First, let’s look at the stream we’ve just created:

```
>>> s
BitStream('0x000001b31601201')
```

The stream-ness of this object is via its bit position, and various reading and peeking methods. First let’s try a read or two, and see how this affects the bit position:

```
>>> s.pos
0
>>> s.read(24)
BitStream('0x000001')
>>> s.pos
24
>>> s.read('hex:8')
'b3'
>>> s.pos
32
```

First we read 24 bits, which returned a new `BitStream`

object, then we used a format string to read 8 bits interpreted as a hexadecimal string. We know that the next two sets of 12 bits were created from integers, so to read them back we can say

```
>>> s.readlist('2*uint:12')
[352, 288]
```

If you don’t want to use a bitstream then you can always use `unpack`

. This takes much the same form as `readlist`

except it just unpacks from the start of the bitstring.
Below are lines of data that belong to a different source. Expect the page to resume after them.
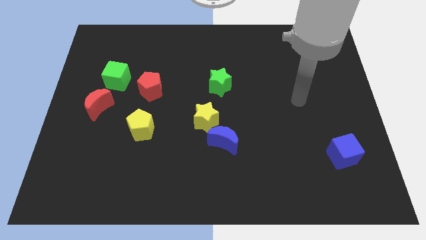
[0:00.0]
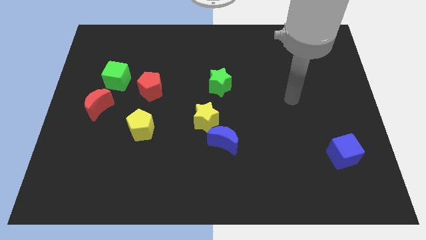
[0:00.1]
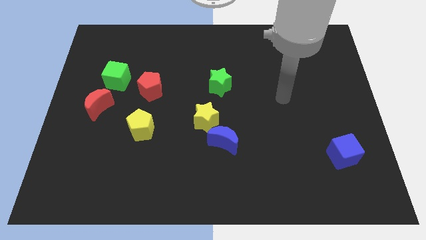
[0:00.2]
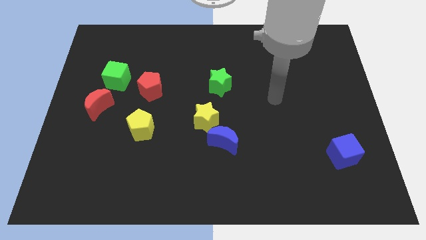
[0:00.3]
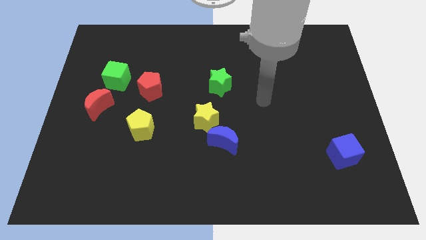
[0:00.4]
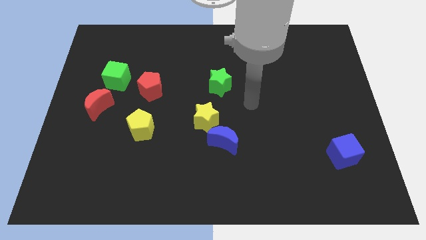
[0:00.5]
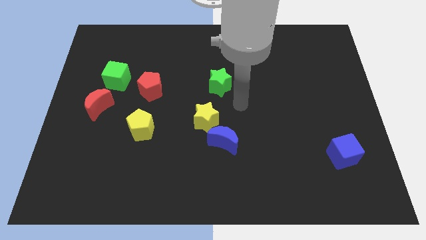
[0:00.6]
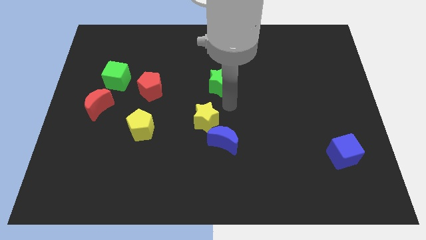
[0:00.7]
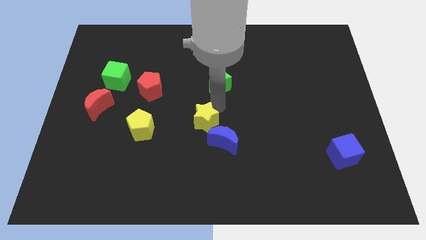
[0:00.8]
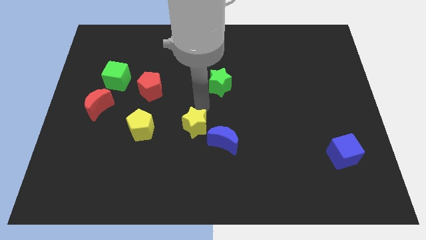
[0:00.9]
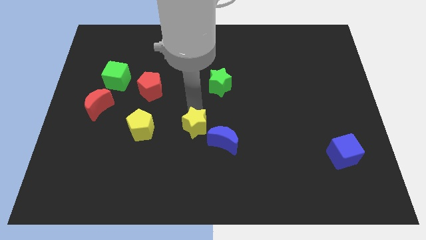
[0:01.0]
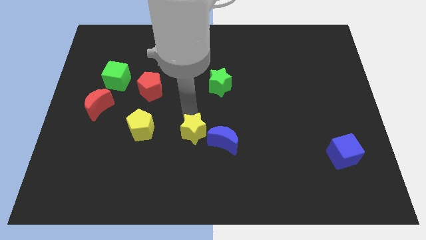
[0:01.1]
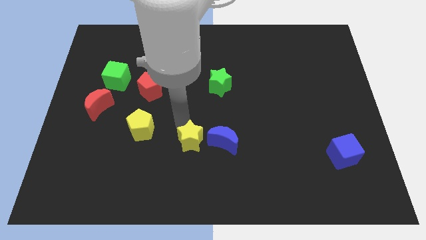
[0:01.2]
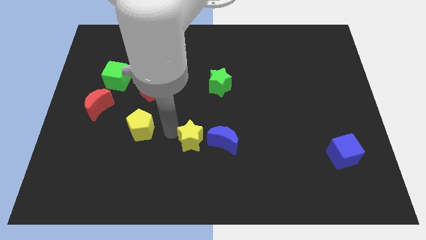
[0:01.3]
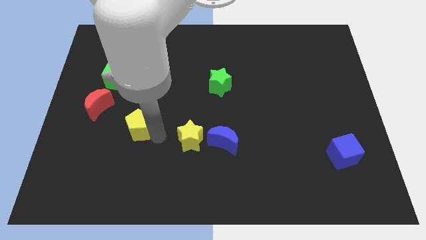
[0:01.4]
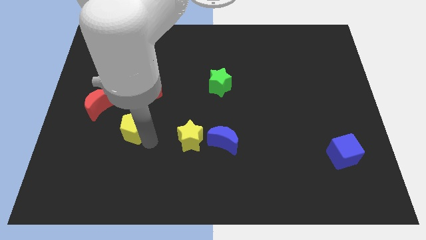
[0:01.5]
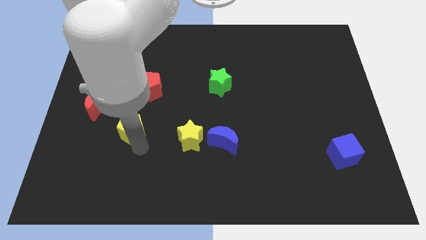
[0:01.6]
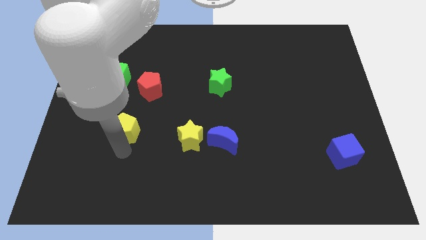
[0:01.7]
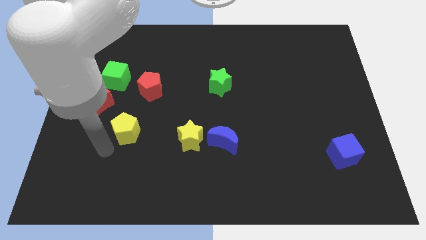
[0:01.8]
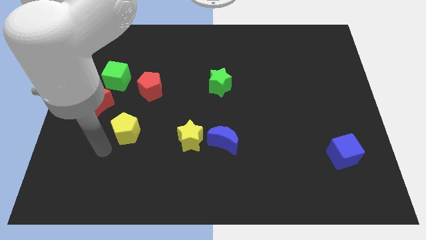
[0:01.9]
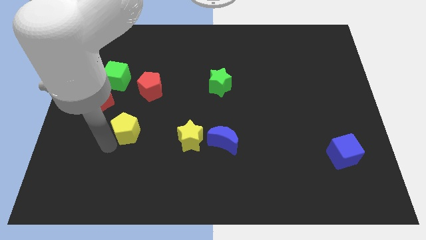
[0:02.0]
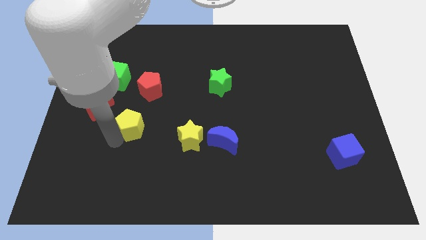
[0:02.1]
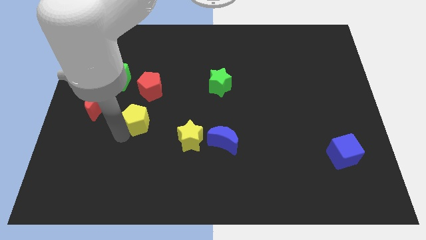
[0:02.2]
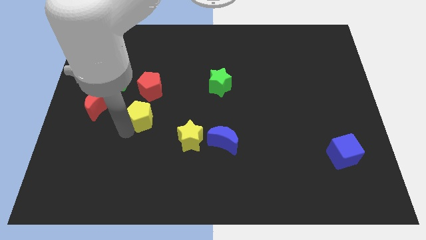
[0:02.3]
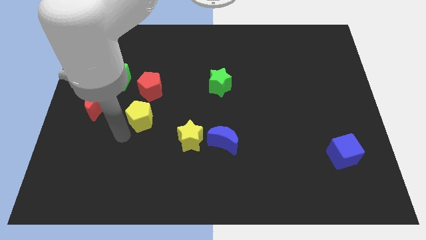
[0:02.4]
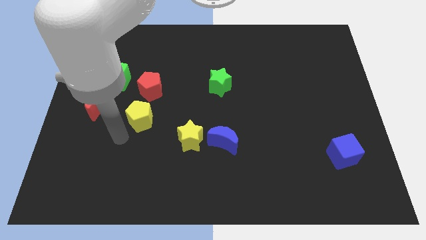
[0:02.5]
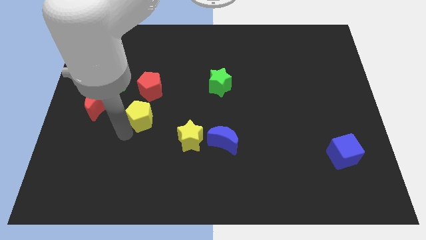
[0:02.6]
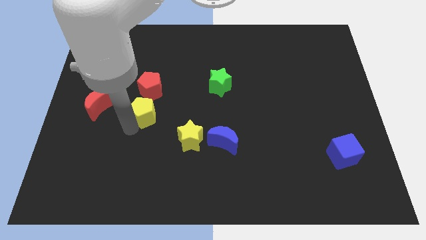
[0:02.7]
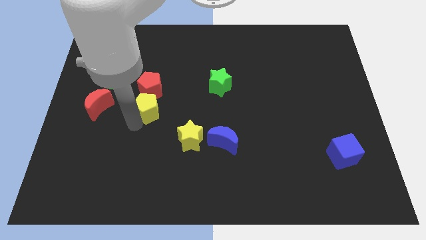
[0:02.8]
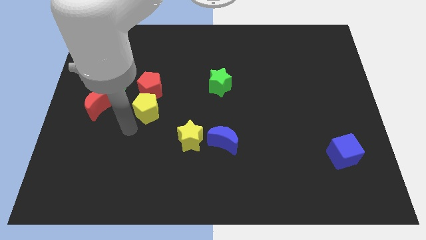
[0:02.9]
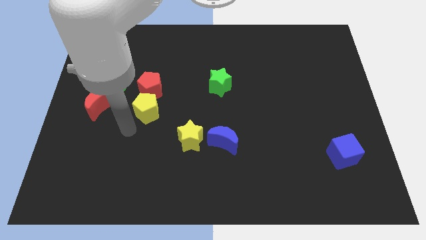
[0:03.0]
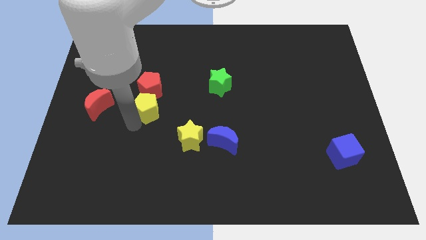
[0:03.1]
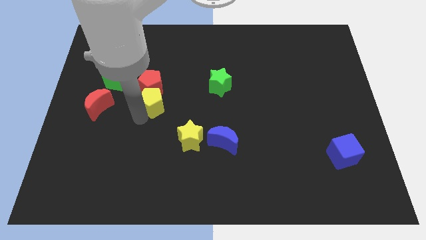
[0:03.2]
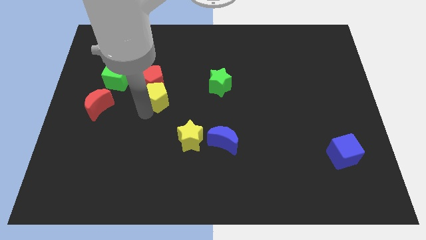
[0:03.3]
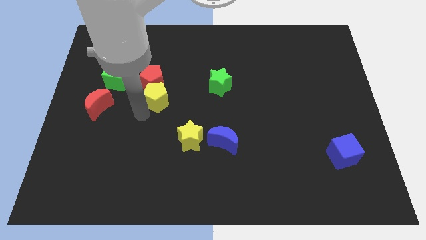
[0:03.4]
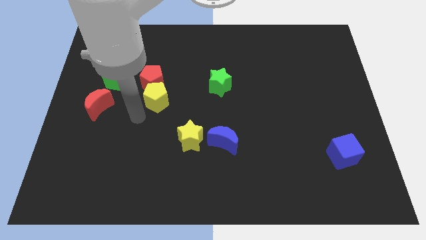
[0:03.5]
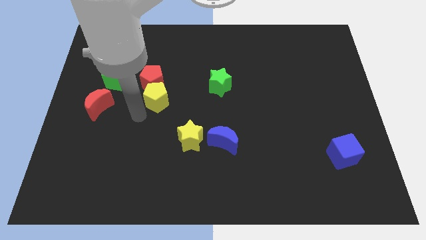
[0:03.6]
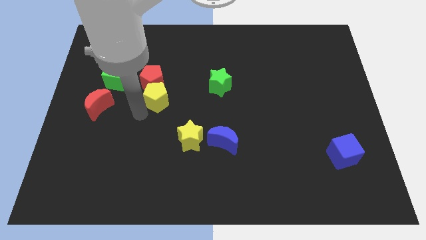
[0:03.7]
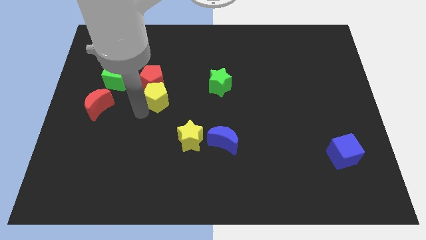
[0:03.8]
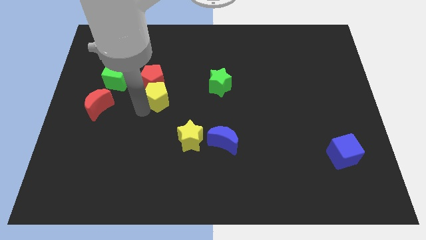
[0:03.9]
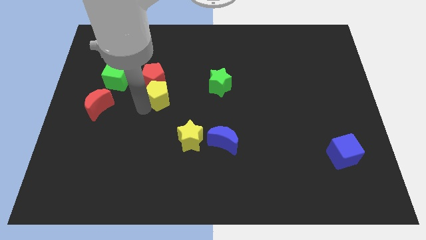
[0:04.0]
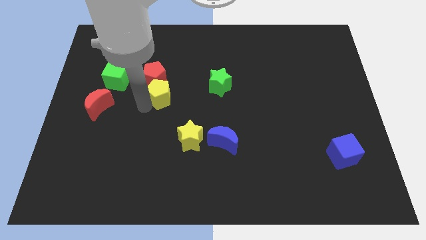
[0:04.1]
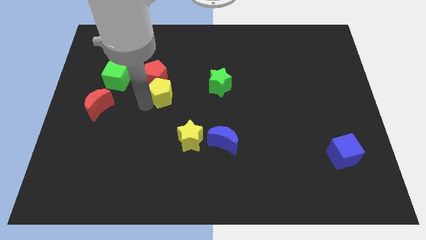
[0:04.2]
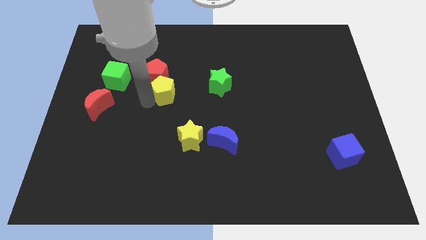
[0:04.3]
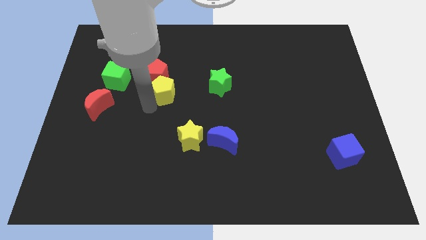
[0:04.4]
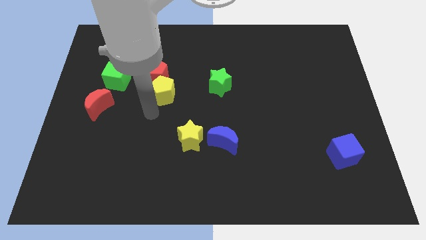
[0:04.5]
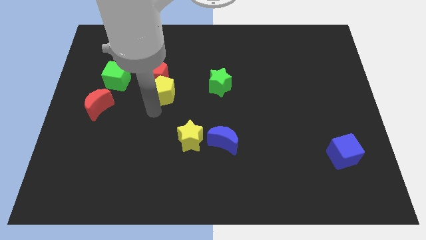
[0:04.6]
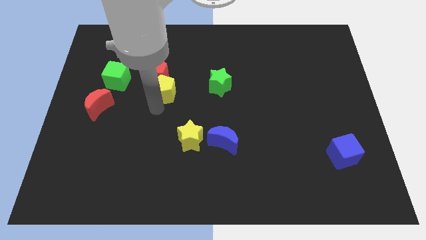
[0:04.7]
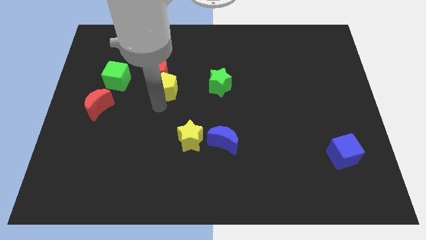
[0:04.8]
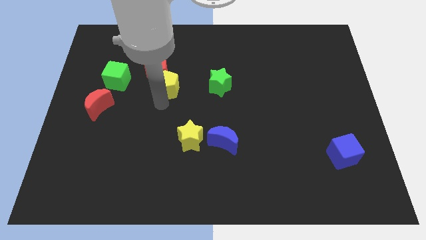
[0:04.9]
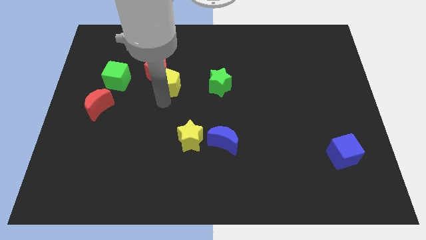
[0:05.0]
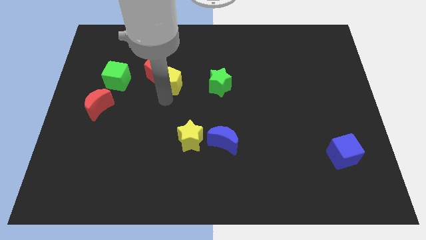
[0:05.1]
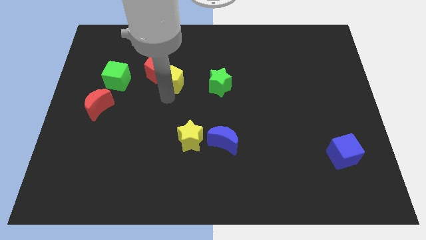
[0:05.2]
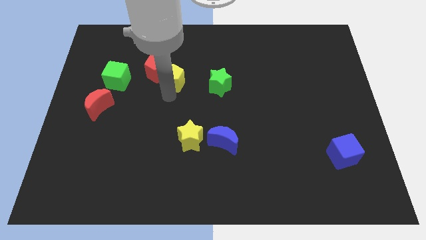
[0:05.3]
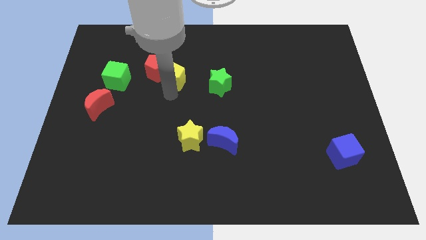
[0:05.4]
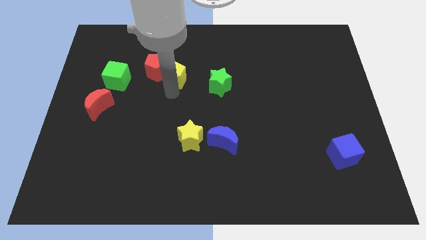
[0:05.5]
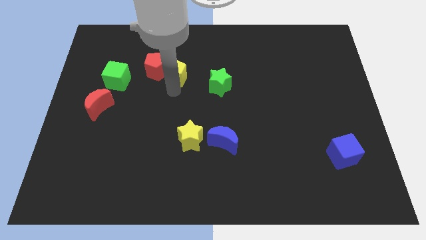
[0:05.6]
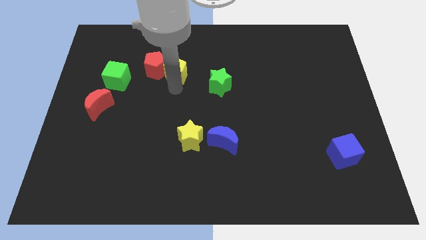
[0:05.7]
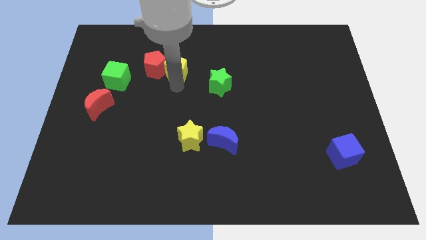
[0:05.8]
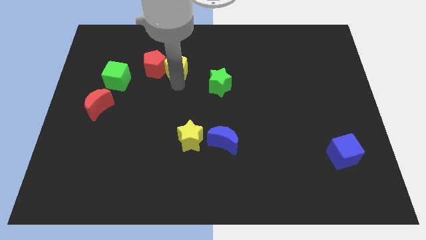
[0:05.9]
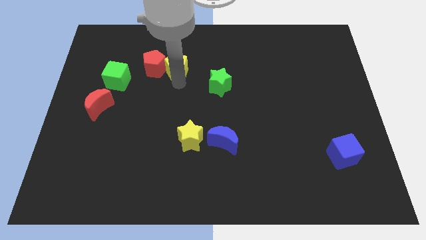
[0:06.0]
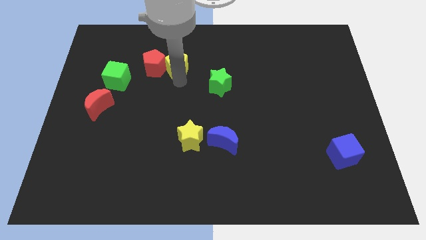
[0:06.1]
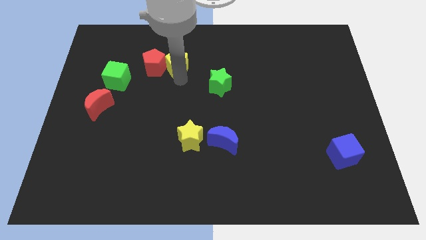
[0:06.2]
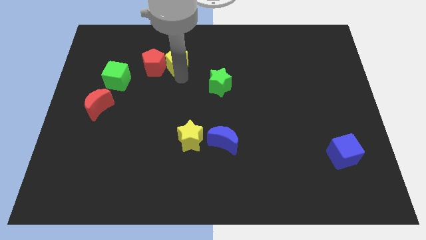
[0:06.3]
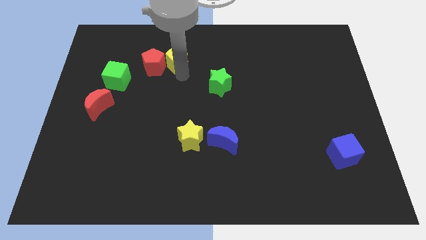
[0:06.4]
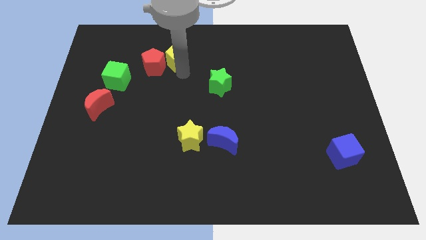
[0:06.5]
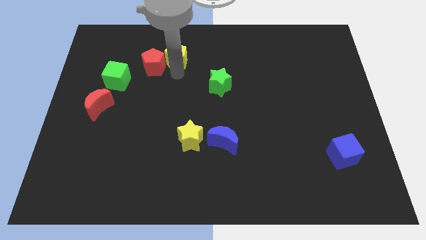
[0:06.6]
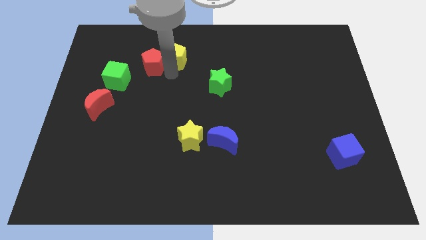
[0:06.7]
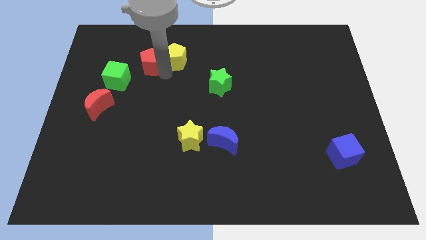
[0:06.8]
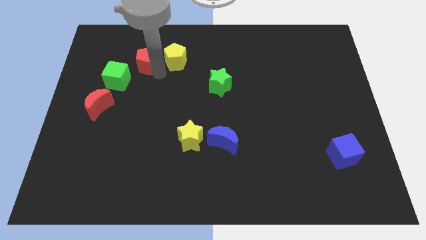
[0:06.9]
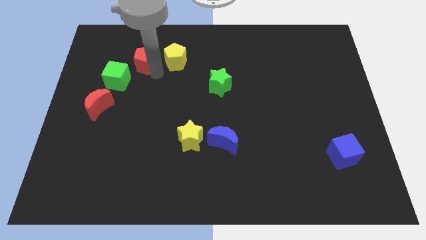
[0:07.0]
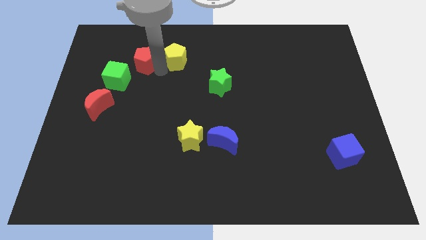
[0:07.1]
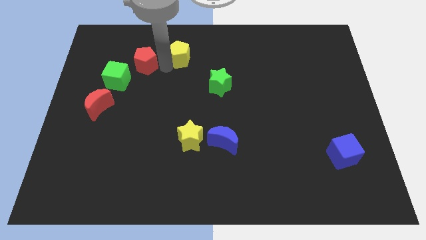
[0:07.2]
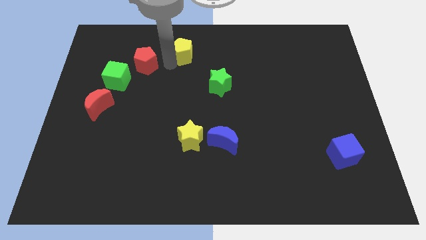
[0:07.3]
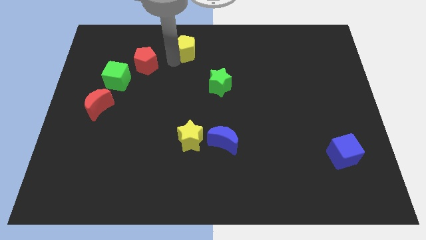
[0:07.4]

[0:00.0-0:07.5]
move the yellow pentagon to the top side

For example:

```
>>> s.unpack('bytes:4, 2*uint:12, uint:4')
['\x00\x00\x01\xb3', 352, 288, 1]
```

## Worked examples¶

Below are a few examples of using the bitstring module, as I always find that a good example can help more than a lengthy reference manual.

### Hamming distance¶

The Hamming distance between two bitstrings is the number of bit positions in which the two bitstrings differ. So for example the distance between 0b00110 and 0b01100 is 2 as the second and fourth bits are different.

Write a function that calculates the Hamming weight of two bitstrings.

```
def hamming_weight(a, b):
return (a^b).count(True)
```

Er, that’s it. The `^`

is a bit-wise exclusive or, which means that the bits in `a^b`

are only set if they differ in `a`

and `b`

. The `count`

method just counts the number of 1 (or True) bits.

```
>>> a = Bits('0b00110')
>>> hamming_weight(a, '0b01100')
2
```

### Sieve of Eratosthenes¶

The sieve of Eratosthenes is an ancient (and very inefficient) method of finding prime numbers. The algorithm starts with the number 2 (which is prime) and marks all of its multiples as not prime, it then continues with the next unmarked integer (which will also be prime) and marks all of its multiples as not prime.
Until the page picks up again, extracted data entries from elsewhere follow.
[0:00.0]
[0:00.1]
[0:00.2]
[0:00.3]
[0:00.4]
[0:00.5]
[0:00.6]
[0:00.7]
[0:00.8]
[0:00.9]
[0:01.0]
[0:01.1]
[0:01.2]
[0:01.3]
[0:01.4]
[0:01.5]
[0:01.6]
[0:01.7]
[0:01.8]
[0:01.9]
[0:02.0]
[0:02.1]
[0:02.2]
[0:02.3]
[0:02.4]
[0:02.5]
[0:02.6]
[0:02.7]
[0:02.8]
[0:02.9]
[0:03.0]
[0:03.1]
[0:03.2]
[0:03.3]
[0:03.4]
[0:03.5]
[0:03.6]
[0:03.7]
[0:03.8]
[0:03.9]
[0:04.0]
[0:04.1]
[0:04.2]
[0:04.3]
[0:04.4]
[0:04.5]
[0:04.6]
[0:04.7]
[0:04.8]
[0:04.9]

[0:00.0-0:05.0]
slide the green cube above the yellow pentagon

So to print all primes under a million you could write:

```
from bitstring import BitArray
# create a BitArray with a million zero bits.
# The bits will be set to indicate that the bit position isn't prime.
has_factors = BitArray(1000000)
for i in xrange(2, 1000000):
if not has_factors[i]:
print(i)
# Set all multiples of our prime to 1.
has_factors.set(True, xrange(i*2, 1000000, i))
```

I’ll leave optimising the algorithm as an exercise for the reader, but it illustrates both bit checking and setting. One reason you might want to use a bitstring for this purpose (instead of a plain list for example) is that the million bits only take up a million bits in memory, whereas for a list of integers it would be much more. Try asking for a billion elements in a list - unless you’ve got some really nice hardware it will fail, whereas a billion element bitstring only takes 125MB.